On Sat, Dec 10, 2011 at 6:39 AM, Bruno Marchal <marc...@ulb.ac.be> wrote:

>
> On 09 Dec 2011, at 19:47, Joseph Knight wrote:
>
> On Fri, Dec 9, 2011 at 3:55 AM, Bruno Marchal <marc...@ulb.ac.be> wrote:
>
>>
>> On 09 Dec 2011, at 06:30, Joseph Knight wrote:
>>
>> Hi Bruno
>>
>> I was cruising the web when I stumbled upon a couple of PDFs by Jean-Paul
>> Delahaye criticizing your work. (PDF 
>> 1<http://www2.lifl.fr/~delahaye/dnalor/UDA2010.pdf>,
>> PDF 2 <http://www2.lifl.fr/~delahaye/dnalor/RefGraFil.pdf>). I don't
>> speak French, but google translate was able to help me up to a point. The
>> main point of PDF 1, in relation to the UDA, seems to be that there is not
>> necessarily a notion of probability defined for truly indeterministic
>> events. (Is this accurate? Are there any results in this area? I couldn't
>> find much.)
>>
>>
>> Jean-Paul Delahaye was the director of my thesis, and in 2004, when I
>> asked him why I did not get the gift (money, publication of the thesis, and
>> promotion of it) of the price I got in Paris for my thesis, he told me that
>> he has refuted it (!). I had to wait for more than six year to see that
>> "refutation" which appears to be only a pack of crap.
>>
>
> So you never got the money, publication, or promotion?
>
>
> I get only defamation.
>
>
>
>  Most objection are either rhetorical tricks, or contains elementary
>> logical errors. I will, or not, answer to those fake objections. I have no
>> clue why Delahaye acts like that. I think that if he had a real objection
>> he would have told me this in private first, and not under my back. He
>> showed a lacking of elementary scientific deontology. He might have some
>> pressure from Paris, who witnessed some pressure from Brussels to hide a
>> belgo-french academical scandal, but of course he denies this.
>>
>
>> So Delahaye is that unique "scientist", that i have mentionned in some
>> post, who pretend to refute my thesis. My director thesis!
>>
>>
>>
>> The translation of PDF 2, with regards to the Movie Graph argument, was
>> much harder for me to understand. Could you help me out with what Delayahe
>> is saying here, and what your response is? I am just curious about these
>> things :) I noticed some discussion of removing stones from heaps, and
>> comparing that to the removal of subparts of the filmed graph, which to me
>> seemed to be an illegitimate analogy, but I would like to hear your take...
>>
>>
>> The heap argument was already done when I was working on the thesis, and
>> I answered it by the stroboscopic argument, which he did understand without
>> problem at that time. Such an argument is also answered by Chalmers fading
>> qualia paper, and would introduce zombie in the mechanist picture. We can
>> go through all of this if you are interested, but it would be simpler to
>> study the MGA argument first, for example here:
>>
>> http://old.nabble.com/MGA-1-td20566948.html
>>
>> There are many other errors in Delahaye's PDF, like saying that there is
>> no uniform measure on N (but there are just non sigma-additive measures),
>> and also that remark is without purpose because the measure bears on
>> infinite histories, like the iterated self-duplication experience, which is
>> part of the UD's work, already illustrates.
>>
>> All along its critics, he confuses truth and validity, practical and in
>> principle, deduction and speculation, science and continental philosophy.

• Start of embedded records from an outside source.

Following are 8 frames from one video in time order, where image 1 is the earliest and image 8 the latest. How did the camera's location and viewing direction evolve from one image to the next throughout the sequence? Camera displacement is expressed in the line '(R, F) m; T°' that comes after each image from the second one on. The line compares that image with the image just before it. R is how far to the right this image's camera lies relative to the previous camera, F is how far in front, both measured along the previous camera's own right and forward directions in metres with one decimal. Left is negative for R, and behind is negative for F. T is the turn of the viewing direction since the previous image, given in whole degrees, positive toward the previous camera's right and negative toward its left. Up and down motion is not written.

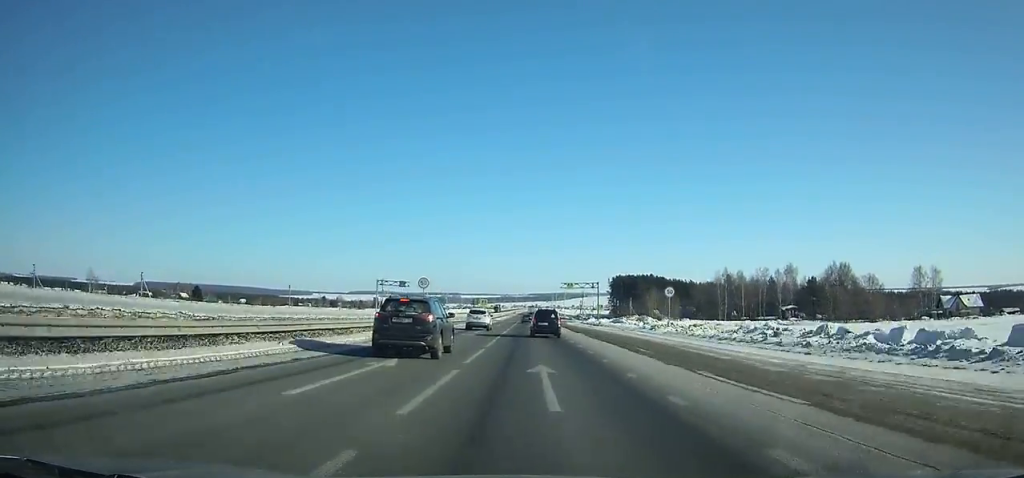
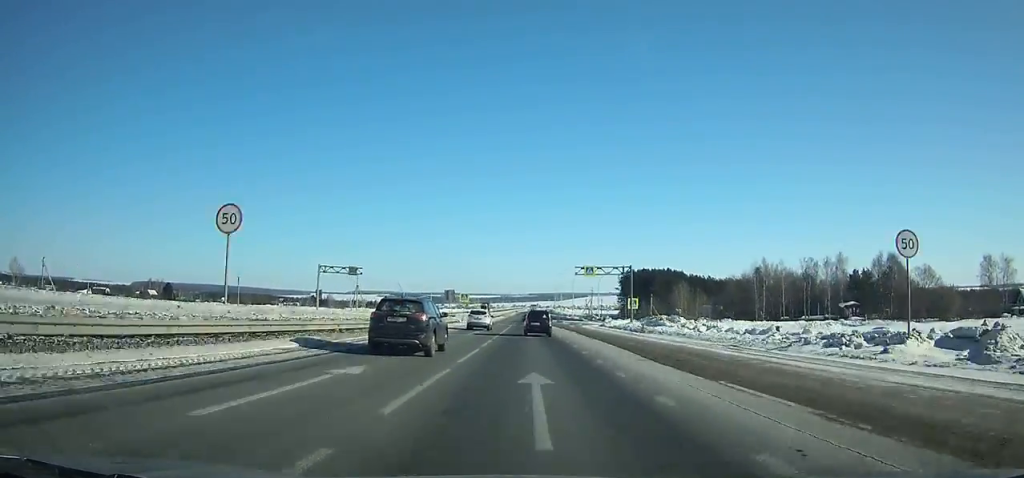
(0.0, +34.6) m; 0°
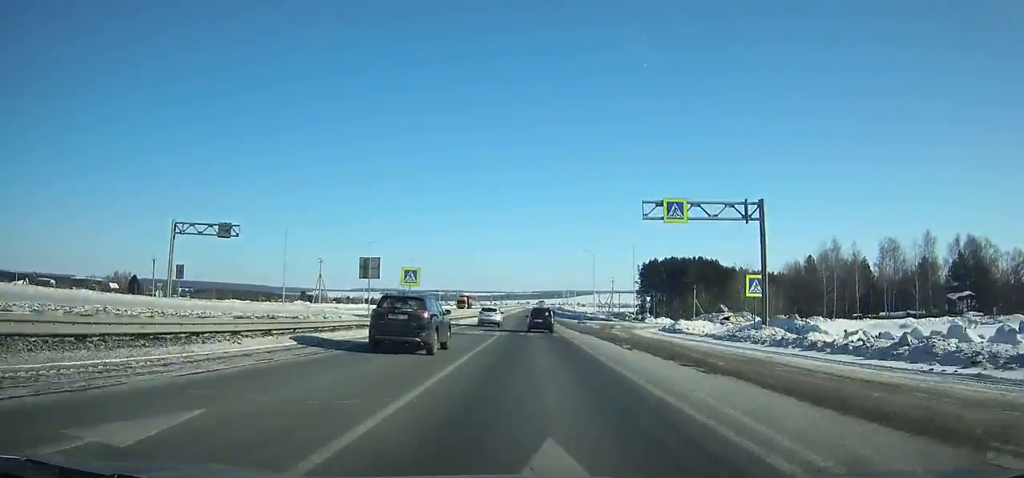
(+0.2, +37.1) m; 0°
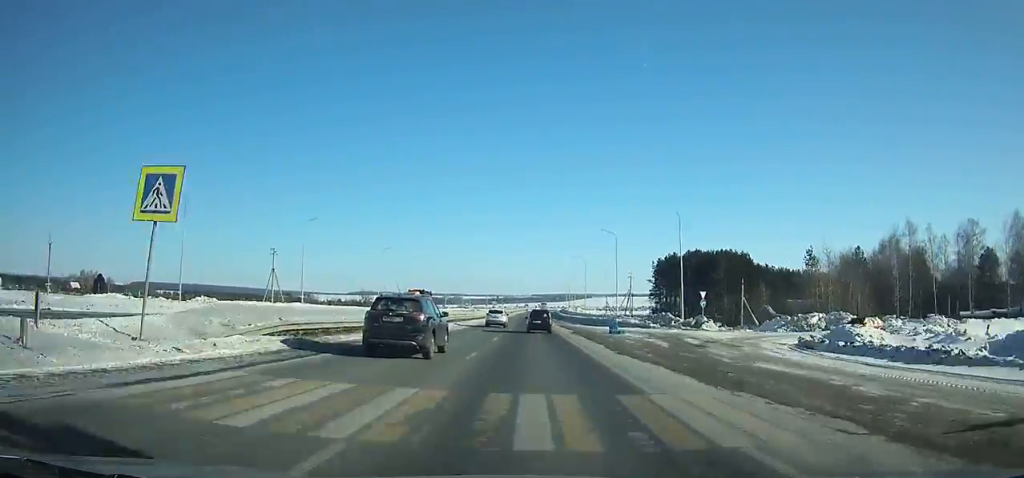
(-0.2, +28.3) m; 0°
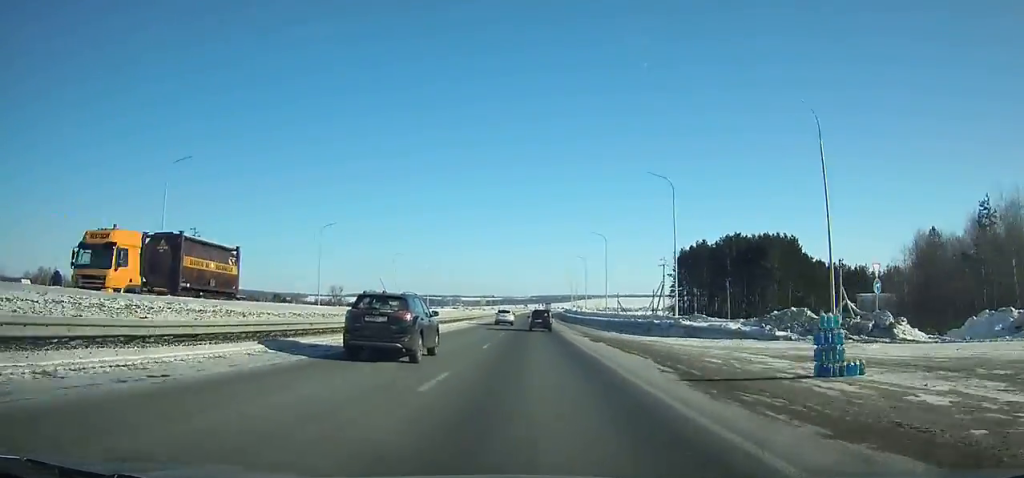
(-0.1, +30.0) m; 0°
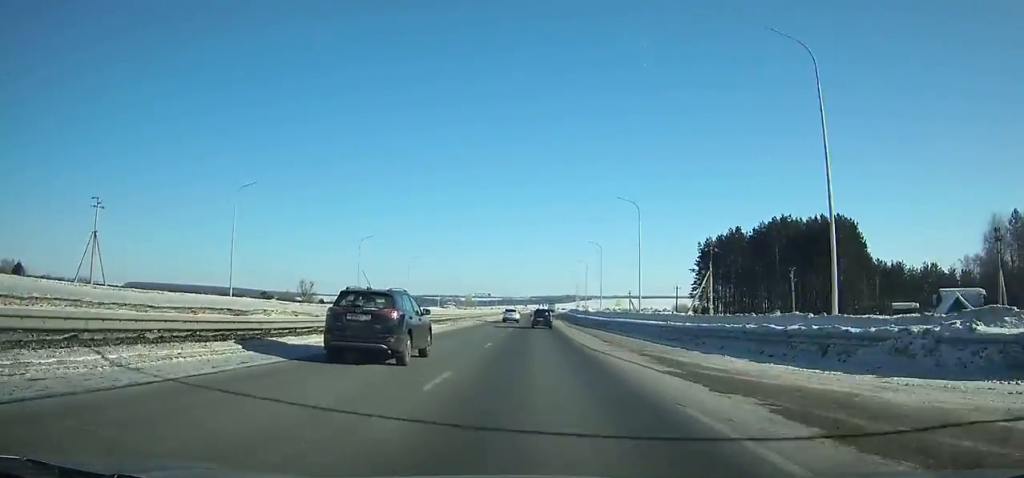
(-0.1, +23.4) m; 0°
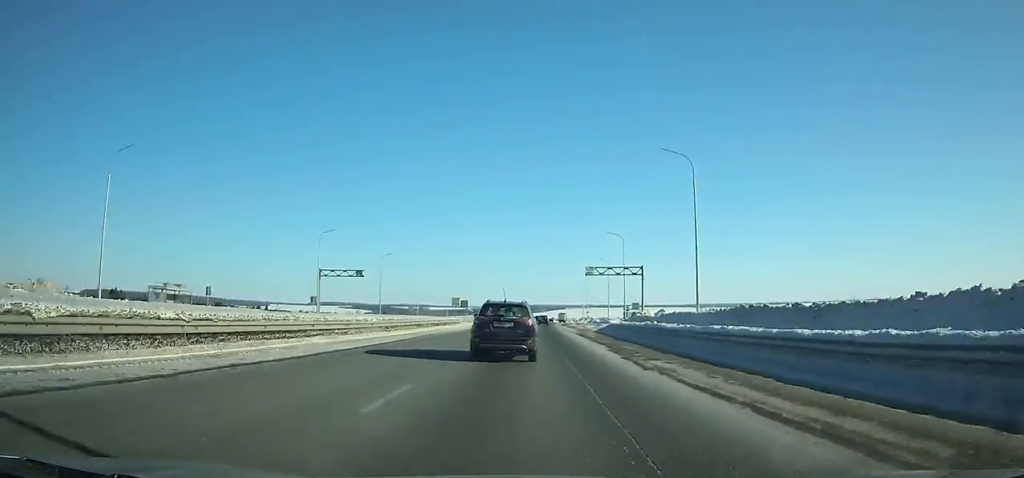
(+3.3, +156.7) m; +3°
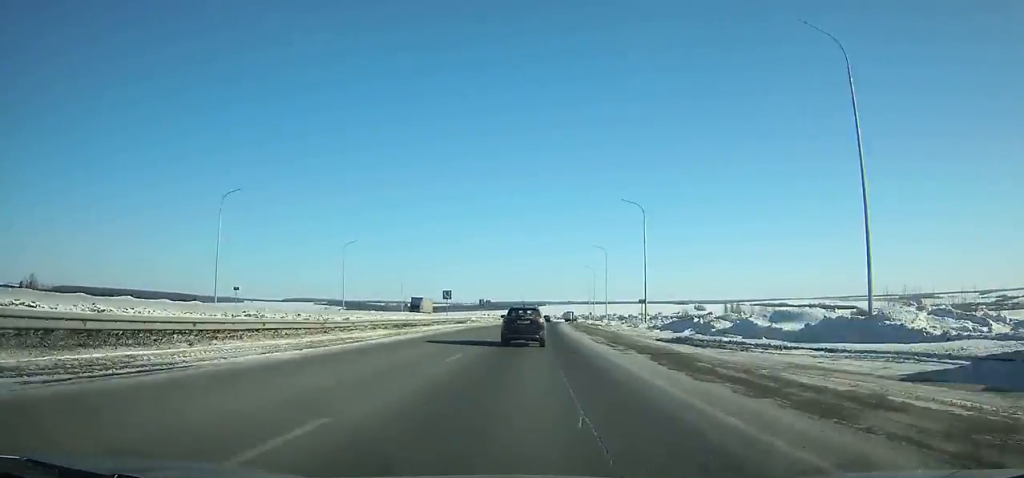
(+1.5, +87.7) m; +2°

>> He also adds assumptions, and talk like if I was defending the truth of
>> comp, which I never did (that mistake is not unfrequent, and is made by
>> people who does not take the time to read the argument, usually).
>>
>> I proposed him, in 2004, to make a public talk at Lille, so that he can
>> make his objection publicly, but he did not answer. I have to insist to get
>> those PDF. I did not expect him to make them public before I answered them,
>> though, and the tone used does not invite me to answer them with serenity.

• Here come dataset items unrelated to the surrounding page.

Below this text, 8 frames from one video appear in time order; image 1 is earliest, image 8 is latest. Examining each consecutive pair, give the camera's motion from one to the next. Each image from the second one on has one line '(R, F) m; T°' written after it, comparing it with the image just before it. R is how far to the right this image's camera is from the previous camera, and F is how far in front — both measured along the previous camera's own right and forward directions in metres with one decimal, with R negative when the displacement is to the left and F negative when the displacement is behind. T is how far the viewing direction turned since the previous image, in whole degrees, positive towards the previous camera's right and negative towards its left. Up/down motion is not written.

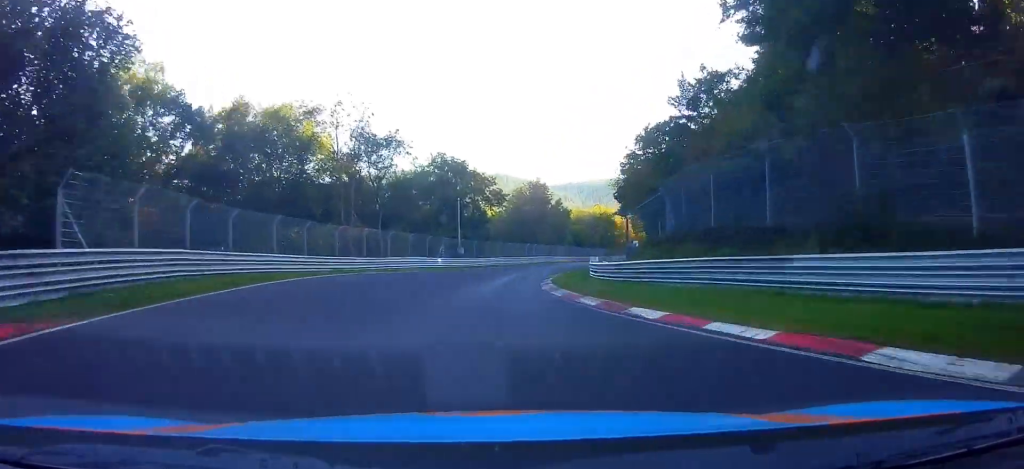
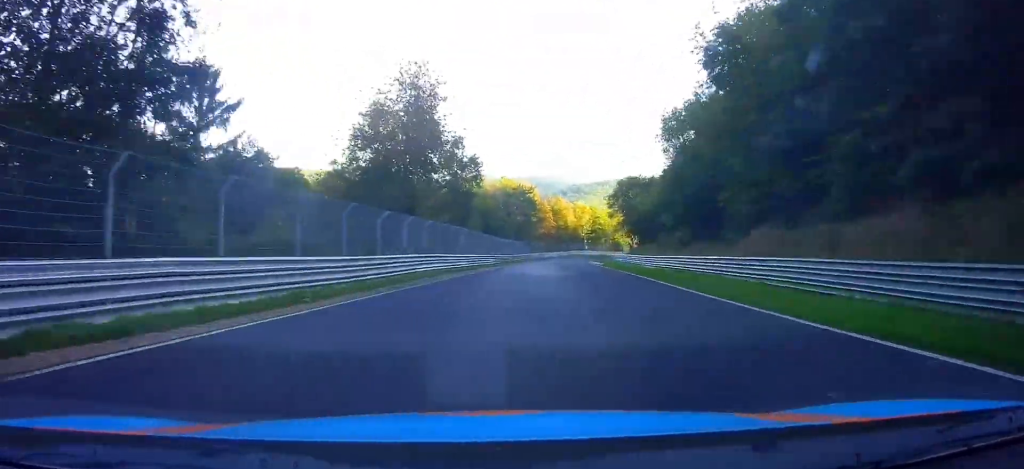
(-8.2, +56.5) m; -12°
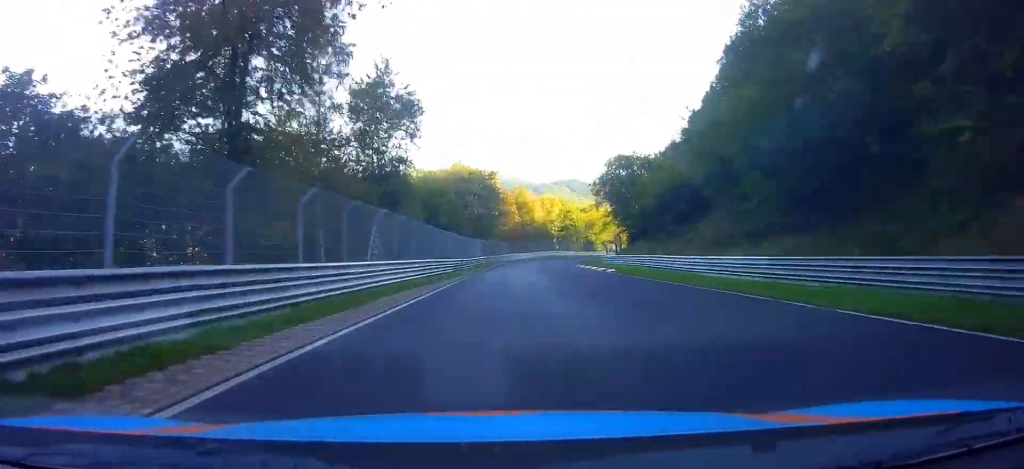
(+0.4, +20.7) m; 0°
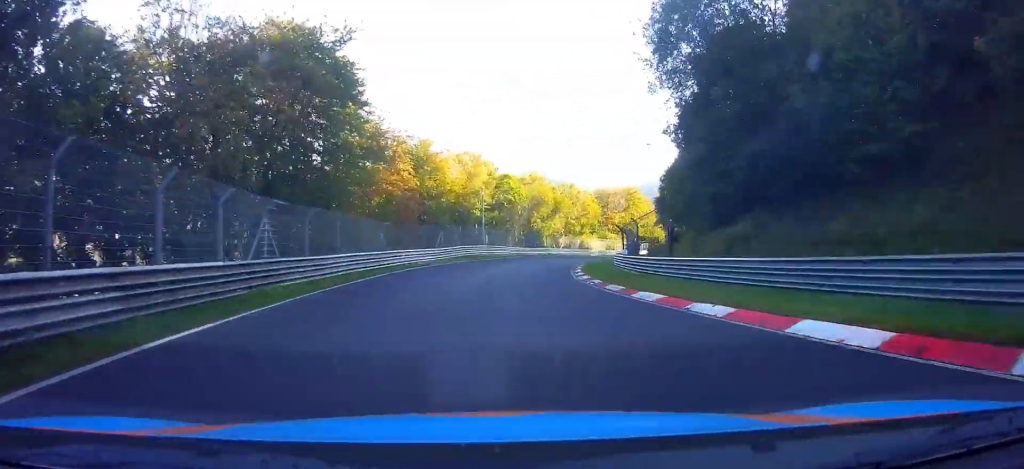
(0.0, +49.6) m; +3°
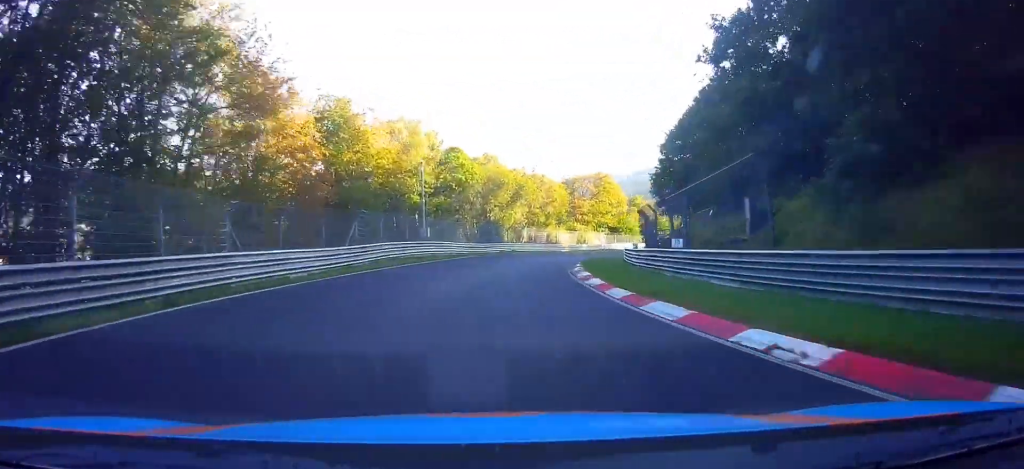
(+0.4, +16.8) m; +3°
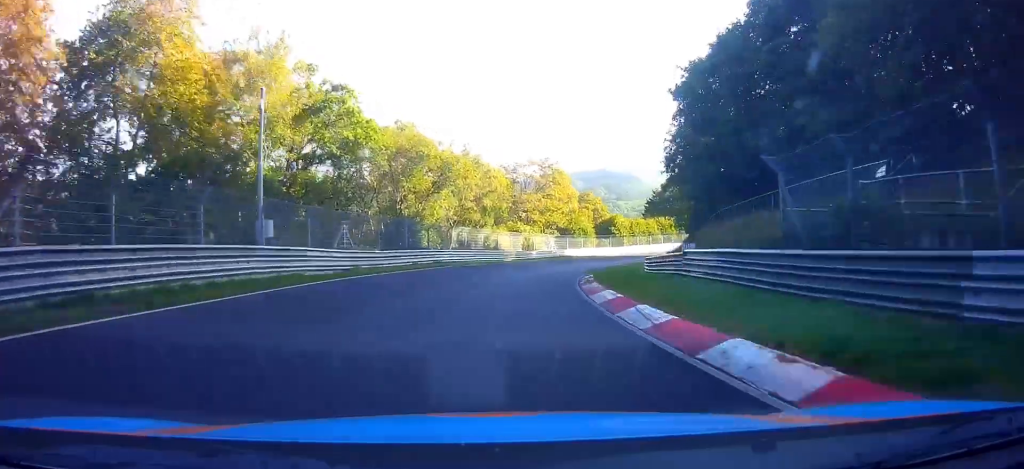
(+0.9, +21.7) m; +3°
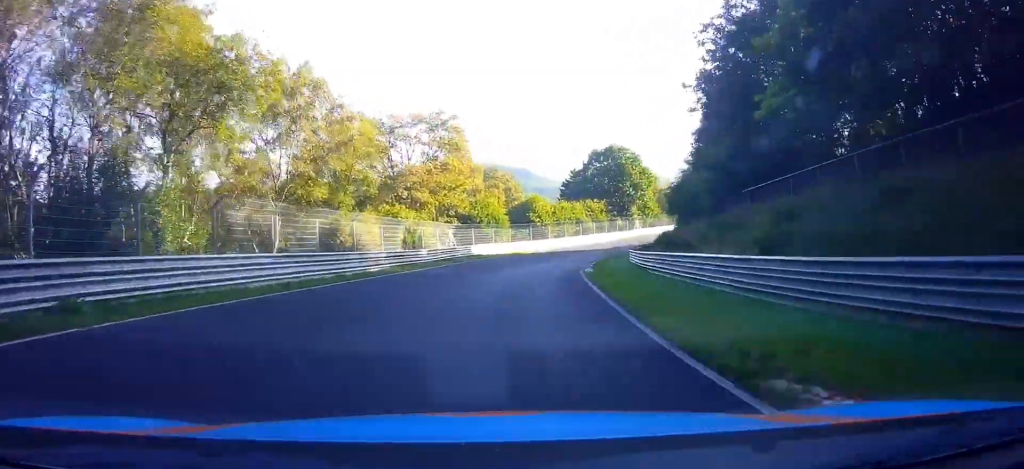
(+0.9, +25.8) m; +4°
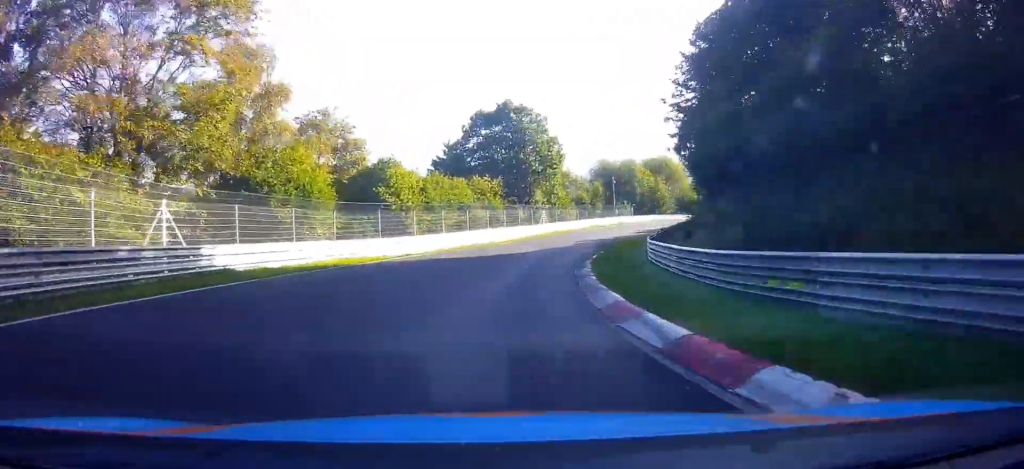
(+1.1, +28.1) m; +5°

>> He has not convinced me, nor anyone else, that he takes himself his
>> argument seriously.
>>
>> The only remark which can perhaps be taken seriously about MGA is the
>> same as the one by Jacques Mallah on this list: the idea that a physically
>> inactive material piece of machine could have a physical activity relevant
>> for a particular computation, that is the idea that comp does not entail
>> what I call "the 323 principle". But as Stathis Papaioannou said, this does
>> introduce a magic (non Turing emulable) role for matter in the computation,
>> and that's against the comp hypothesis. No one seems to take the idea that
>> comp does not entail 323 seriously in this list, but I am willing to
>> clarify this.
>>
>
> Could you elaborate on the 323 principle?
>
>
> With pleasure. Asap.
>
>
>
> It sounds like a qualm that I also have had, to an extent, with the MGA
> and also with Tim Maudlin's argument against supervenience -- the notion of
> "inertness" or "physical inactivity" seems to be fairly vague.
>
>
> I will explain why you can deduce something precise despite the vagueness
> of that notion. In fact that vagueness is more a problem fro a materialist
> than an immaterialist in fine.
>
> How so?

>
>
>
>
>> Indeed, it is not yet entirely clear for me if comp implies 323
>> *logically*, due to the ambiguity of the "qua computatio". In the worst
>> case, I can put 323 in the defining hypothesis of comp, but most of my
>> student, and the reaction on this in the everything list suggests it is not
>> necessary. It just shows how far some people are taken to avoid the
>> conclusion by making matter and mind quite magical.
>>
>> I think it is better to study the UDA1-7, before MGA, and if you want I
>> can answer publicly the remarks by Delahaye, both on UDA and MGA.
>>
>
> I feel quite confident with both the UDA and the MGA (It took me a little
> while).
>
>
> Nice.
>
>
> I read sane04, and quite a few old Everything discussions, including the
> link you gave for the MGA as well as the other posts for MGA 2 and 3.
>
>
>> I might send him a mail so that he can participate. Note that the two PDF
>> does not address the mathematical and main part of the thesis (AUDA).
>>
>> So ask any question, and if Delahaye's texts suggest some one to you,
>> that is all good for our discussion here.
>>
>
> My main question here would be: when Delahaye says you can't (necessarily)
> have probabilities for indeterministic events, is that true?
>
>
> Simplifying things a little bit I do agree with that statement. There are
> many ways to handle indeterminacies and uncertainty. Probability measure
> are just a particular case. But UDA does not rely at all on probability.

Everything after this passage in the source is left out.